Cells: After exposure, cells were washed twice with ice-cold PBS and lysed in modified RIPA buffer [25 mM Tris/HCl, pH 7.4, 150 mM NaCl, 0.1 mM EDTA, 1% Nonidet P-40, 0.1% SDS, 1% deoxycholate, 0.025% NaN3, 1% protease inhibitor cocktail, and 1% phosphatase inhibitor cocktail]. Lung tissue: Minced tissue was incubated with RIPA buffer and protein was isolated using a pebble mill. After determination of protein contents, equal amounts of total cell protein [5 – 40 μg] were separated by SDS-PAGE [7.5 or 10%] and transferred onto PVDF membranes (Hybond-P, Amersham Biosciences, Little Chalfont, UK). The following antibodies were used: phospho-EGFR (Tyr1173), phospho SFK (Tyr416), and phospho-p44/42 MAPK (Thr202/Tyr204) (all from Cell Signalling Technology, Danvers, MA), total EGFR (Upstate Biotechnology, Lake Placid, NY), total SFK (Cell Signalling Technology), and GAPDH (Imgenex Corp., San Diego, CA). Signal strength was detected using the ECL Plus Western Blotting Detection System. Band intensities from X-ray films (immunosignal) were used for statistical calculations. The depicted graphs show immunosignals realtive to the respective controls.
Cells were fixed with 4% paraformaldehyde for 15 min at room temperature. After permeabilisation and blocking (in 3% bovine serum albumin, 0.3% Triton X-100 in PBS), cells were incubated with anti-EGFR antibody (1:50; Cell Signalling Technology) overnight at 4°C. After incubation with anti-rabbit Alexa Fluor 594-coupled antibody (1 h, 1:500; Invitrogen, Darmstadt, Germany), nuclei were counterstained with 4′,6-diamidino-2-phenylindole (1:2000, Invitrogen). Cells were visualized using an Axiovert 40 microscope (Zeiss, Jena, Germany). As control for the specificity of the reactions, mock immunostainings without primary antibody were performed.

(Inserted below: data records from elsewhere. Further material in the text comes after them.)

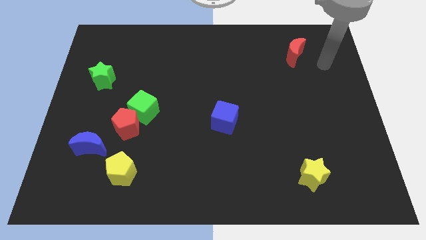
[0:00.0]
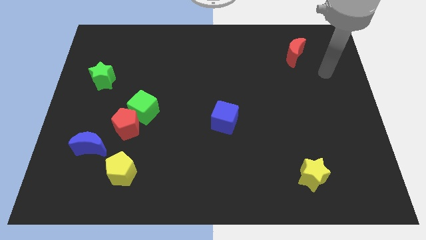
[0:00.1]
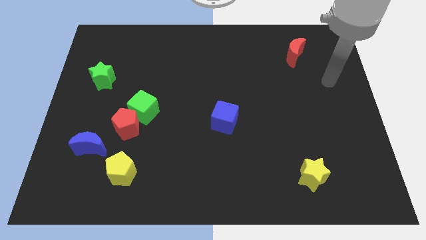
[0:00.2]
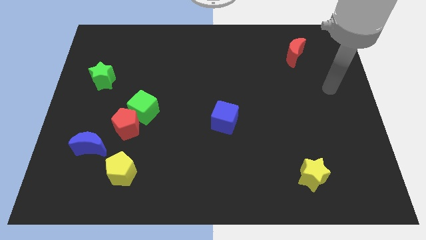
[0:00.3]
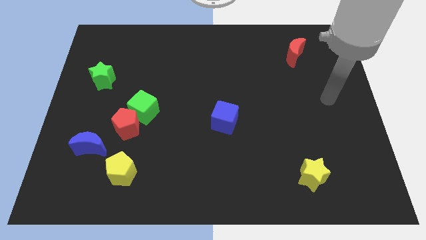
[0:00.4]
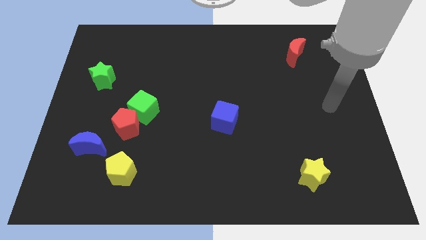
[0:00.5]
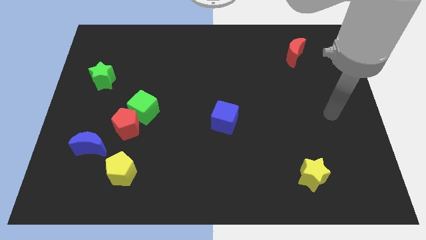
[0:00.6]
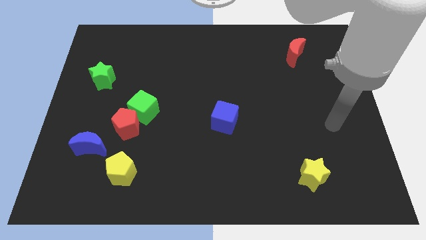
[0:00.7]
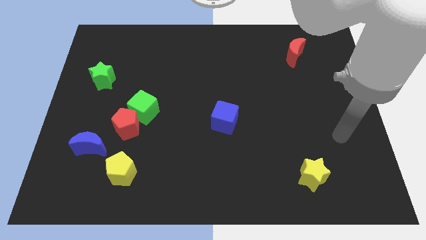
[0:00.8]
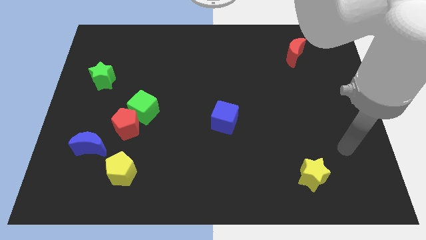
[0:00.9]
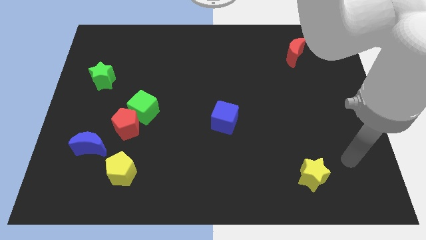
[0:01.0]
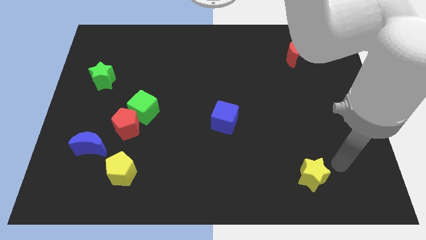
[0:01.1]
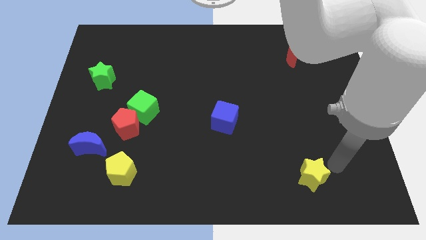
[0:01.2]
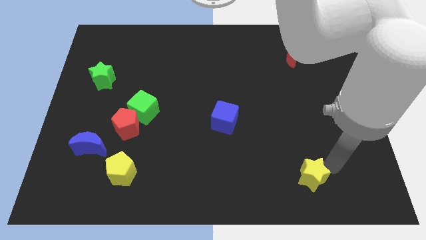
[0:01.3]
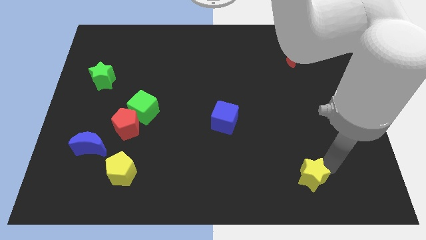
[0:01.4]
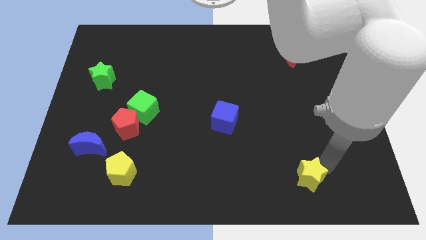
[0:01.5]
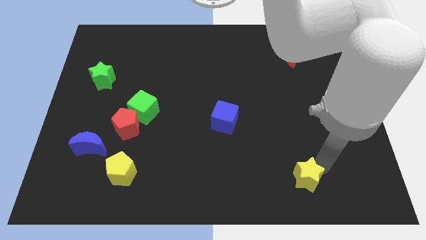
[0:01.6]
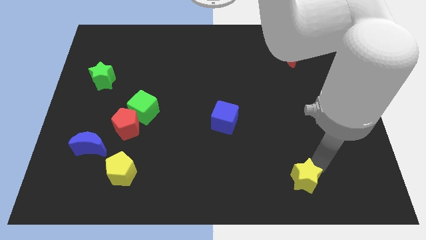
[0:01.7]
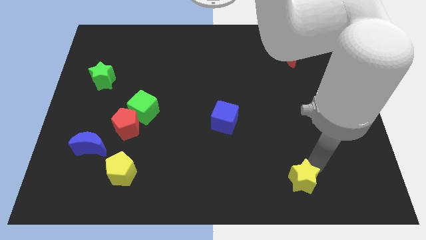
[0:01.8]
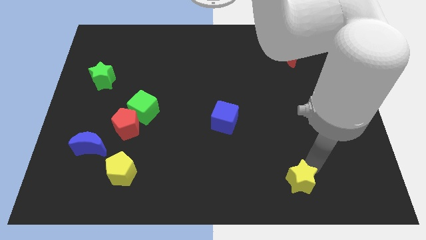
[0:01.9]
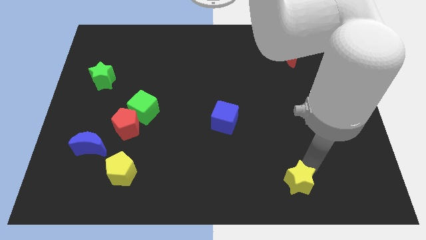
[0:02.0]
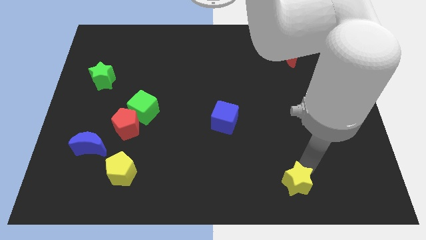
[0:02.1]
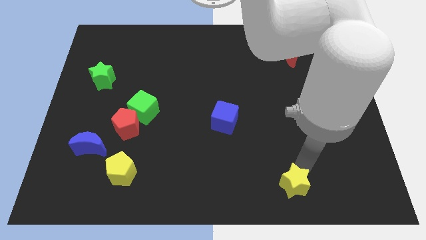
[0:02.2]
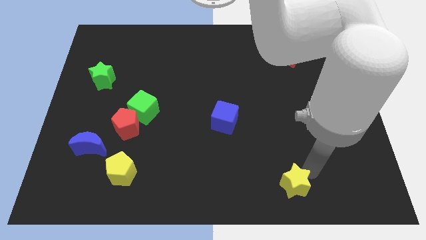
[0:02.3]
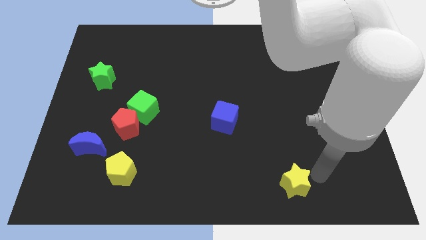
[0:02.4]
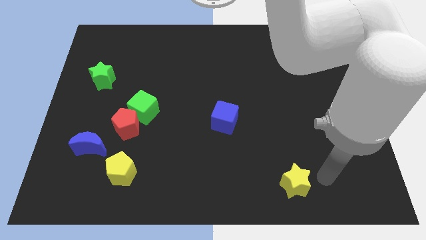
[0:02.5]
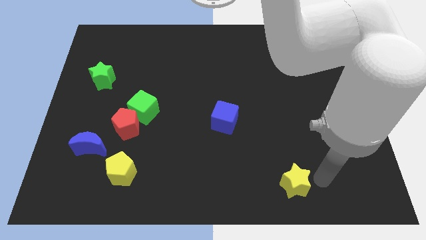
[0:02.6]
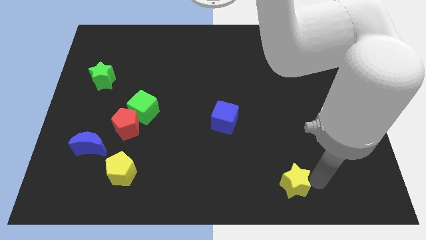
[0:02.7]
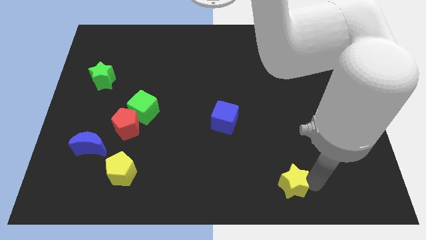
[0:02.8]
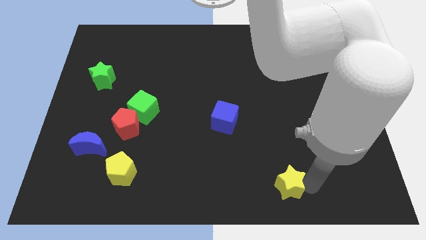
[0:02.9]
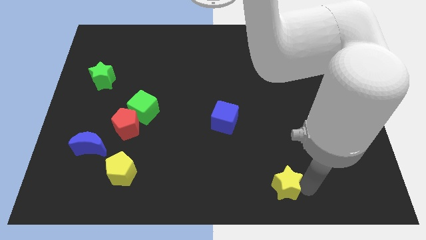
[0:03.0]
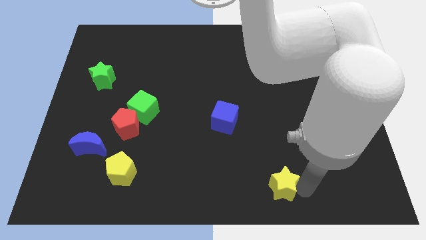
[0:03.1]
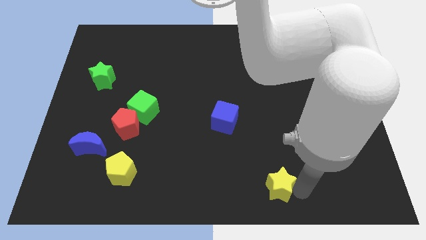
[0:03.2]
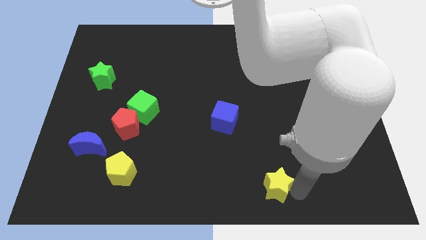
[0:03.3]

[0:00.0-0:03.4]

Cells were incubated for dye uptake with 20 μM of the fluorogenic probe H2DCF-DA (2', 7'-Dichlorofluorescein diacetate, Calbiochem, Schwalbach, Germany). Generation of ROS was determined by flow cytometry according to Weissenberg et al. .
In vitro experiments were repeated independently at least three times; animal experiments were performed with 5 animals per group. Unless otherwise stated, results were analyzed by analysis of variance followed by post-hoc testing. Differences between groups were considered as significant when p < 0.05.